Il avait alors exprimé le souhait que Montréal et ses arrondissements se dotent d'un plan d'action ainsi que des moyens pour le réaliser. «L'annonce du maire est une excellente nouvelle», a-t-il exprimé avec enthousiasme. Elle arrive surtout au moment où l'étalement urbain et la multiplication de méga centres commerciaux dans les banlieues représentent une menace pour l'avenir du commerce de proximité à Montréal, qui lutte pour attirer des consommateurs et garder ses résidants.
12 projets approuvés
La Ville injecte 285 000$ dans le Bureau du développement des artères commerciales pour élaborer un plan de développement commercial, soutenir la fonction commerciale et analyser la valorisation urbaine intégrée.
Un des mandats du Bureau est de gérer le volet commerce du programme réussir@montréal.
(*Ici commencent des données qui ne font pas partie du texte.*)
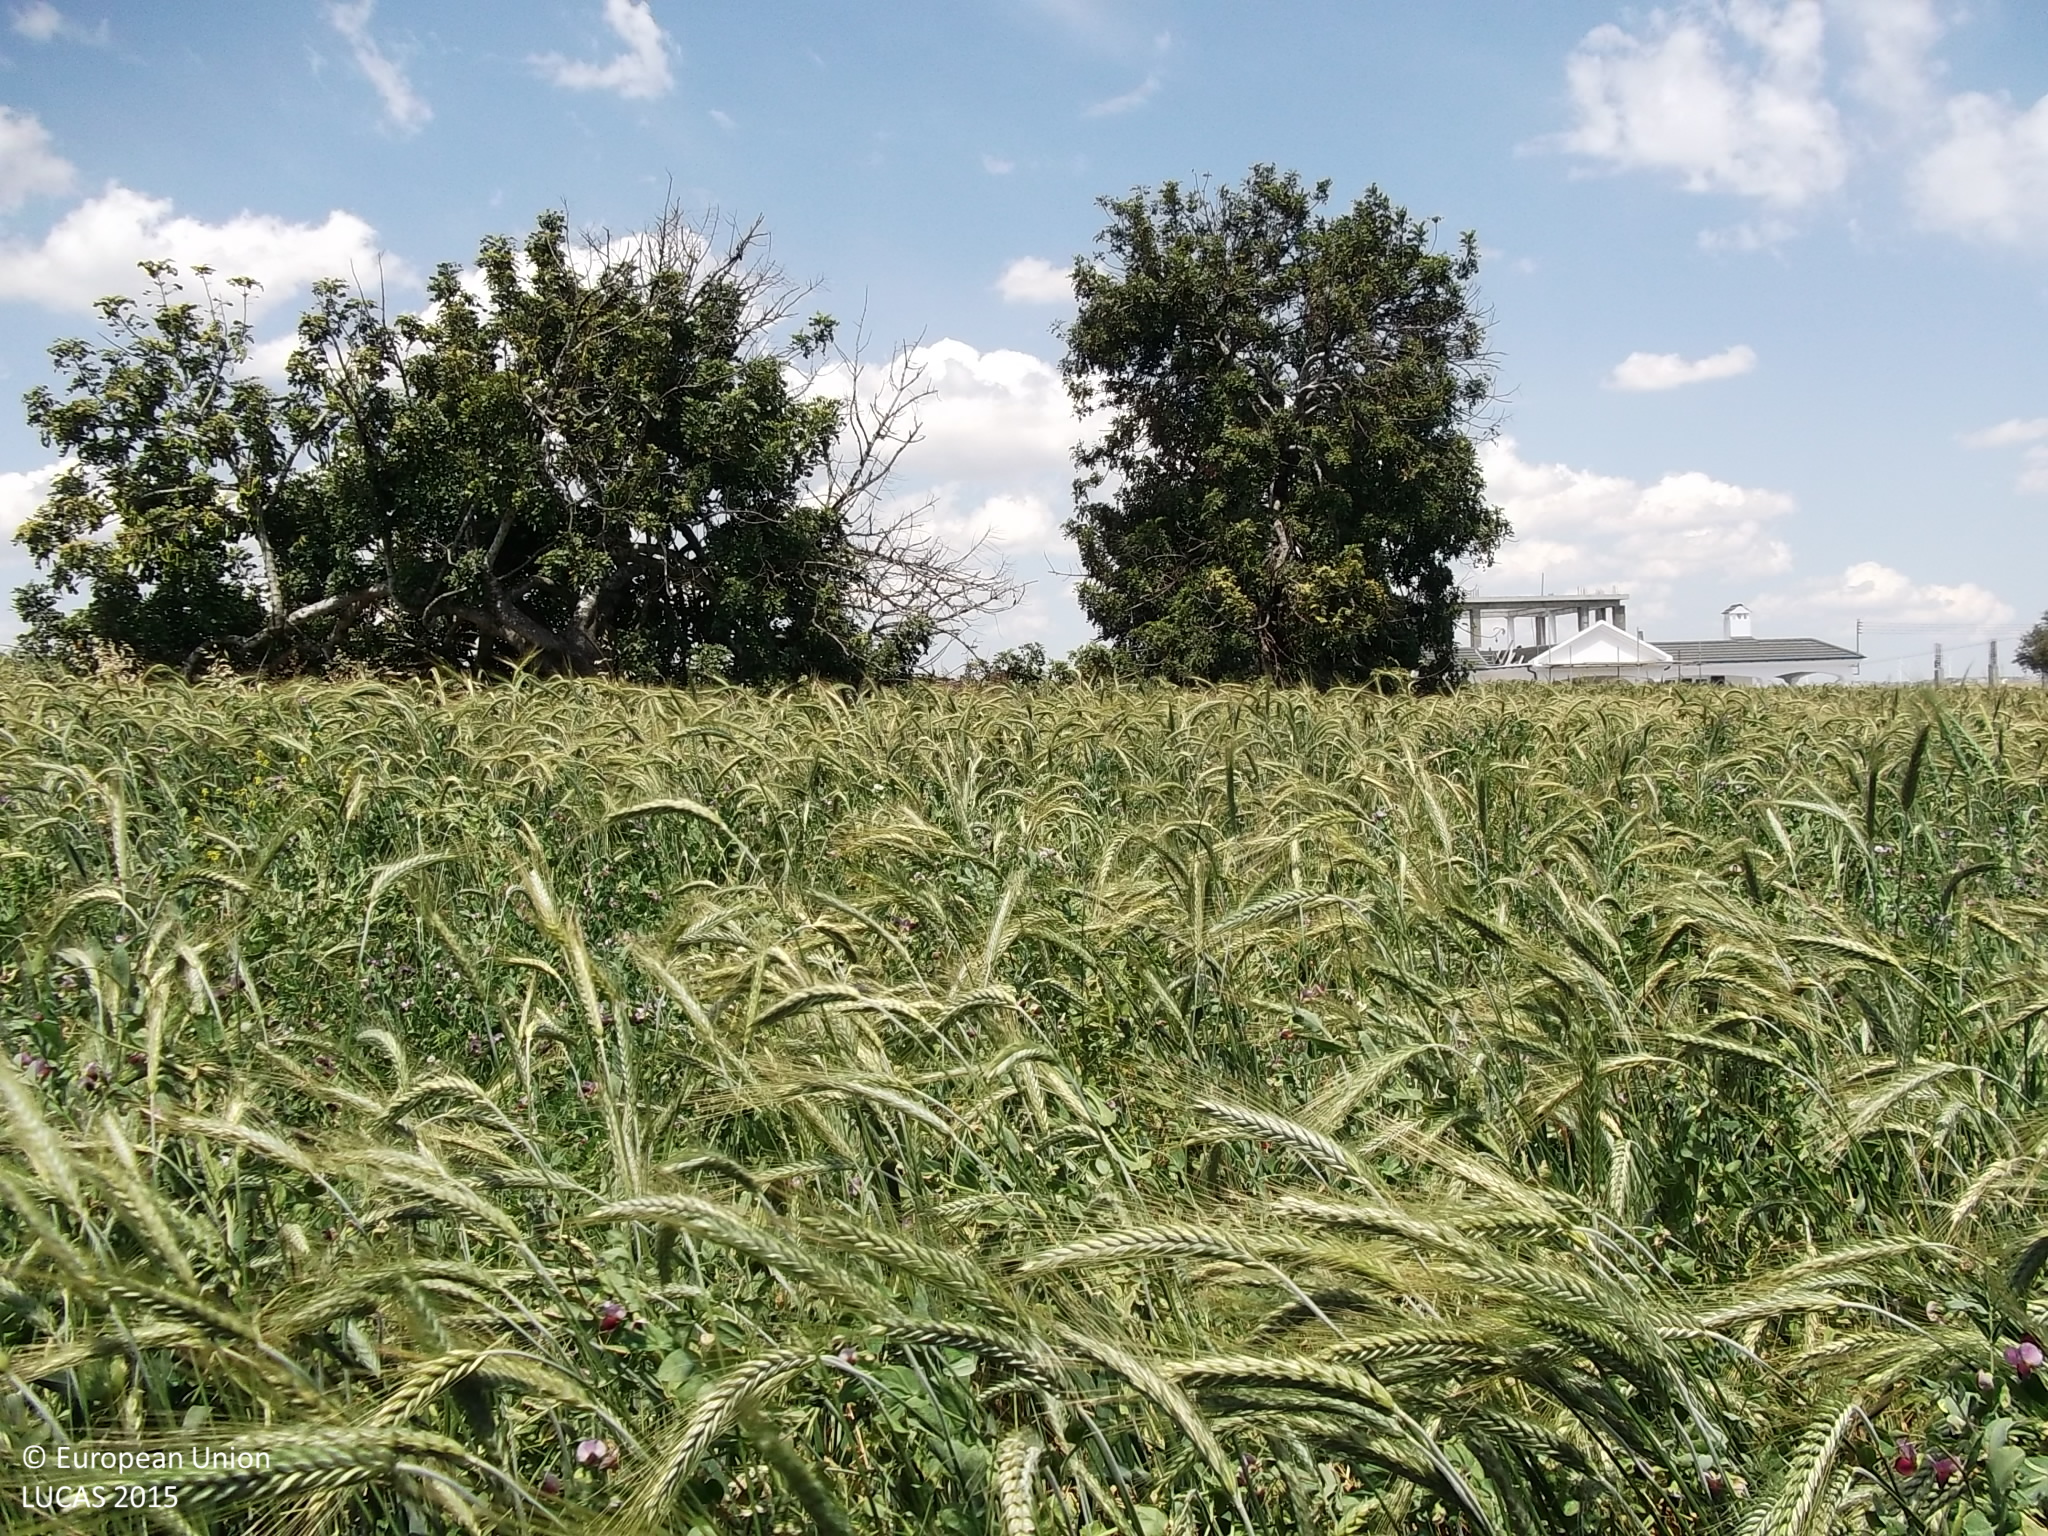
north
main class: Cropland
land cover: Permanent industrial crops
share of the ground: 25 - 50 %
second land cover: Common wheat
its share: > 75 %
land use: Agriculture (excluding fallow land and kitchen gardens)
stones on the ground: 25 - 50 %
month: April
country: CY
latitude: 34.8015
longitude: 33.4790

Grâce à des subventions destinées à des diagnostics, des rénovations et au design d'aménagement, PR@M-Commerce pourra donc desservir douze nouveaux secteurs cette année. Il s'agit du Petit Maghreb, du Petit Beaubien, de la Petite Poirier, de la Place Jacques-Cartier, de la Petite Italie et du Marché Jean-Talon, des rues Wellington (secteur Sud-Ouest), Saint-Paul Est et Ouest, Saint-Jacques, Chabanel, Sainte-Catherine Ouest et Notre-Dame Ouest.
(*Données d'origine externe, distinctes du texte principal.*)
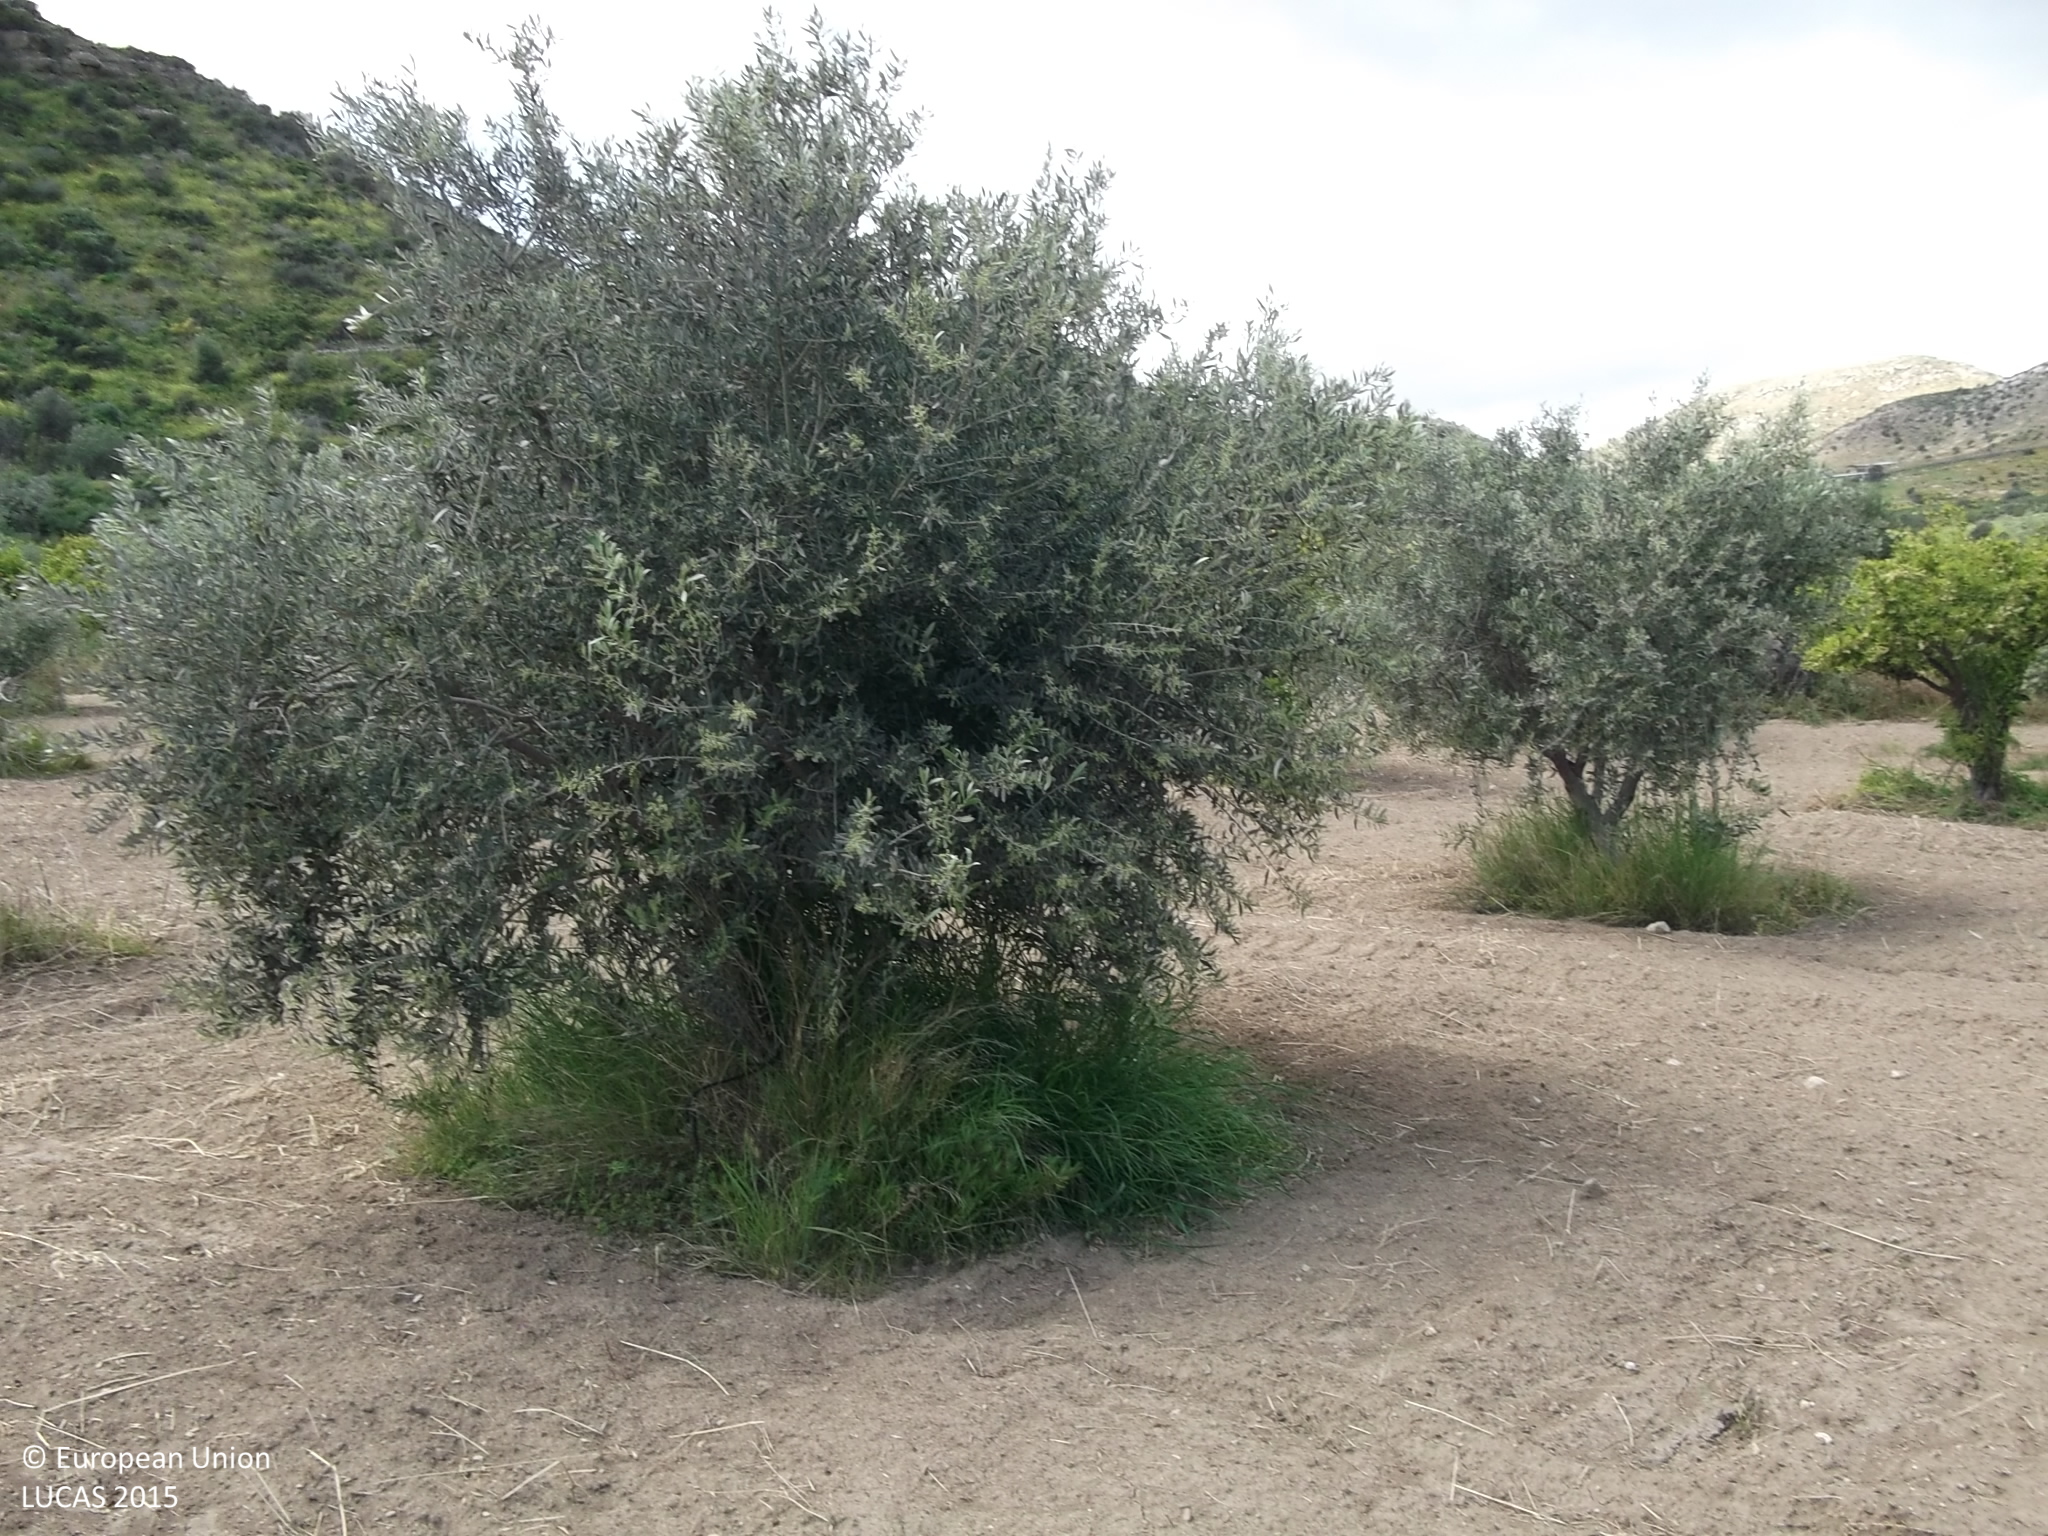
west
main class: Cropland
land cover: Olive groves
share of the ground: 25 - 50 %
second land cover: Other bare soil
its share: > 75 %
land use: Agriculture (excluding fallow land and kitchen gardens)
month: April
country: CY
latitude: 34.7660
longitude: 33.3990

Déjà, 28 secteurs avaient été sélectionnés en 2008. Une enveloppe de 22,6 millions $ est d'ailleurs prévue à ce programme pour 2008-2009, dont 11 M$ proviennent des 140 M$ consacrés au plan Montréal 2025 par le gouvernement du Québec. La Ville a aussi accordé 255 000$ à l'ASDCM pour les années 2009 et 2010, afin d'appuyer des projets collectifs qui favorisent le développement des SDC à Montréal.
Conférenciers internationaux
Des conférenciers spécialisés dans la valorisation commerciale et le renouveau urbain provenant de Londres, Barcelone, Toronto, New York et Montréal ont enrichi le colloque par leurs propos et les tendances urbanistiques mondiales.
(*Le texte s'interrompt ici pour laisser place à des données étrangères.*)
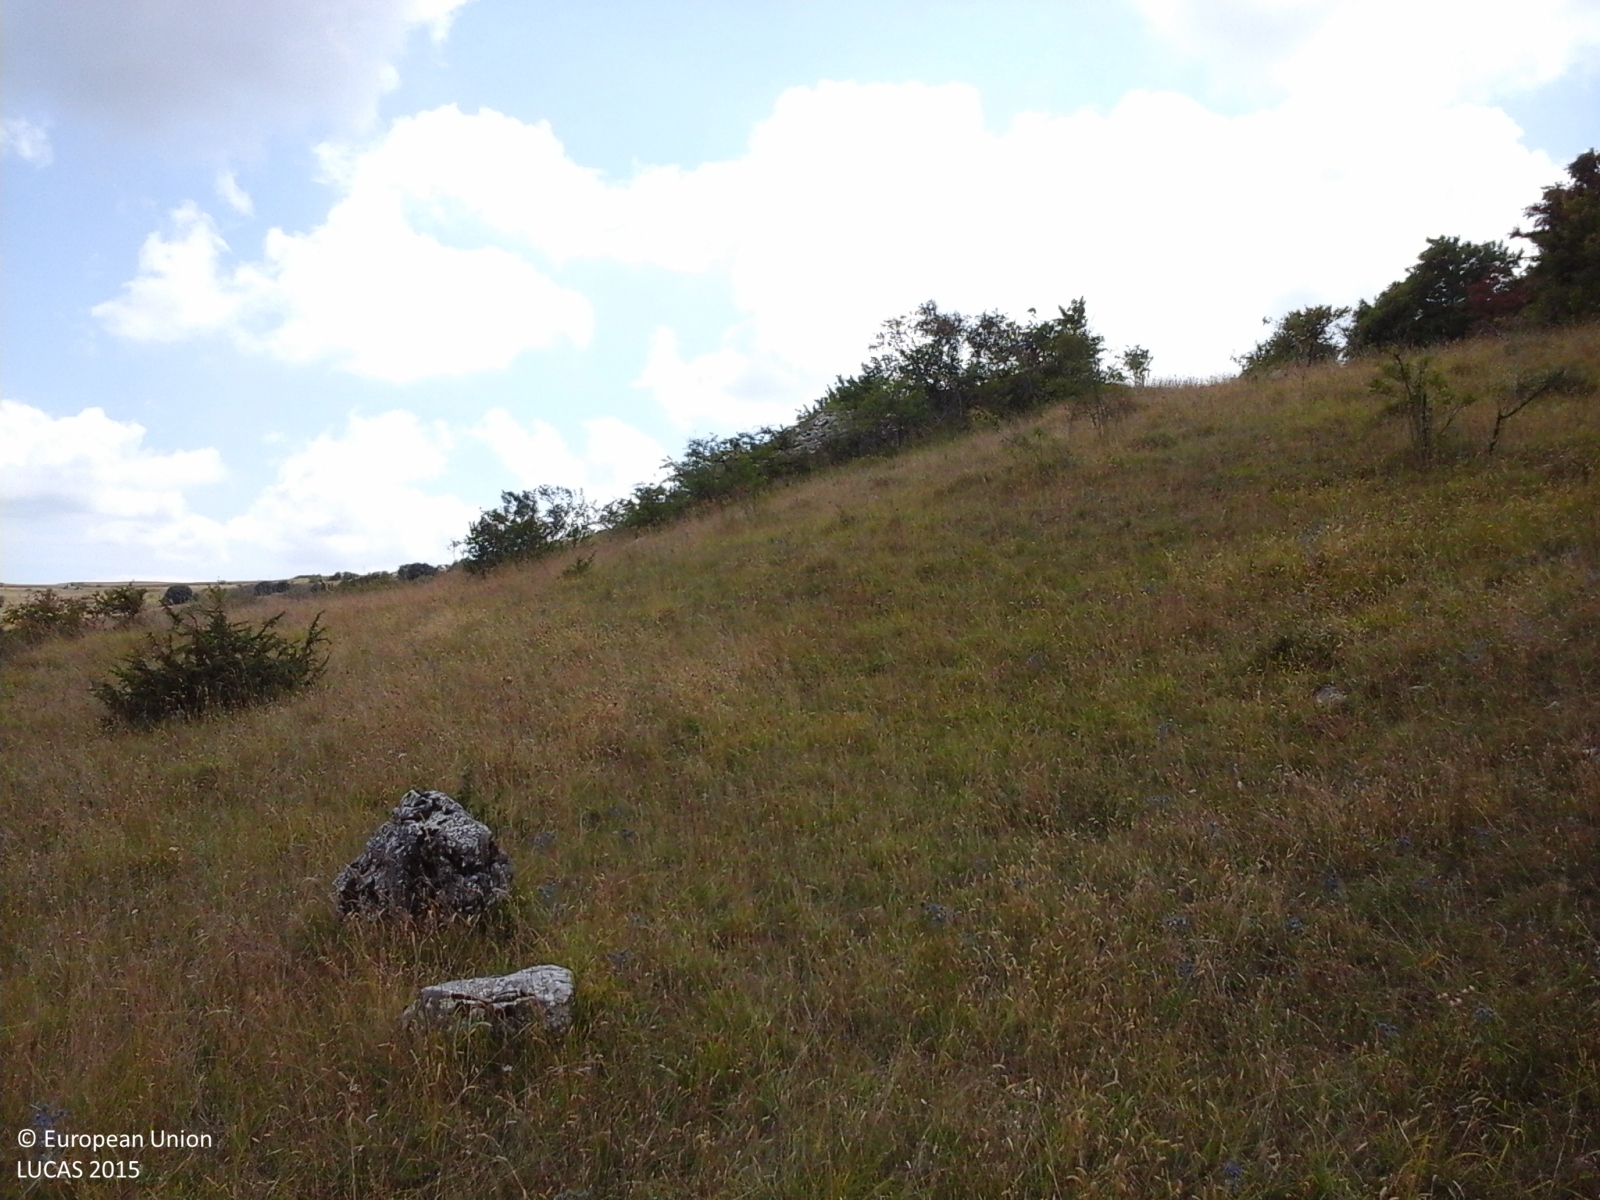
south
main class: Shrubland
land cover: Shrubland with sparse tree cover
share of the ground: > 75 %
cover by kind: herbaceous plants 50 %, shrubs 45 %, broadleaved forest trees 5 %
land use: Semi-natural and natural areas not in use
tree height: < 5 m
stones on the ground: 10 - 25 %
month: August
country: IT
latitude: 41.8037
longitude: 14.2822

Réparti en quatre blocs, le colloque a abordé comme sujets l'historique du commerce de proximité et des SDC, les expériences hors Québec, le commerce de proximité comme patrimoine urbain et collectif et comme créneau d'avenir pour Montréal.
André Poulin, directeur général de Destination centre-ville, prévoit un accroissement de la population à Montréal par des immigrants moins nantis, signifiant ainsi une augmentation des besoins pour le commerce de proximité. Il souhaite voir Griffintown se réaliser avec des commerces de proximité et non comme un centre commercial urbain.
Clément Demers, architecte et urbaniste, croit qu'il faut limiter la concurrence créée par les banlieues. Il souligne aussi que la présence d'installations culturelles sert à la vitalité des quartiers et que les projets de commerce de proximité doivent être créatifs et novateurs. Il estime que des incitatifs permettent d'améliorer un secteur, tout en reconnaissant le rôle du programme Rues principales dans ce domaine.
Gérard Beaudet, directeur de l'Institut d'urbanisme et de l'Observatoire de la mobilité durable, voit la nécessité de revoir la fiscalité et d'aider les quartiers dont le cadre bâti est détruit.
Travailler ensemble
M. Poulin affirme que le défi des SDC est de travailler avec les acteurs du quartier, pour bien comprendre et répondre à leurs besoins, afin d'offrir le bon mixte commercial. Le maire Tremblay estime qu'il ne s'agit pas d'un débat entre Montréal et les banlieues, mais qu'il faut réinventer la communauté métropolitaine. Il invite les citoyens à s'approprier leur ville selon ce crédo: ma maison, ma rue, mon quartier. Il cite Henry Ford pour clore le colloque en disant que «se rencontrer est un début, rester ensemble est un progrès et travailler ensemble est la réussite».
En redéveloppant les artères commerciales avec des projets qui osent, Gérald Tremblay veut rendre la ville de Montréal «plus belle et attractive que jamais» pour célébrer les 375 ans de la métropole en 2017.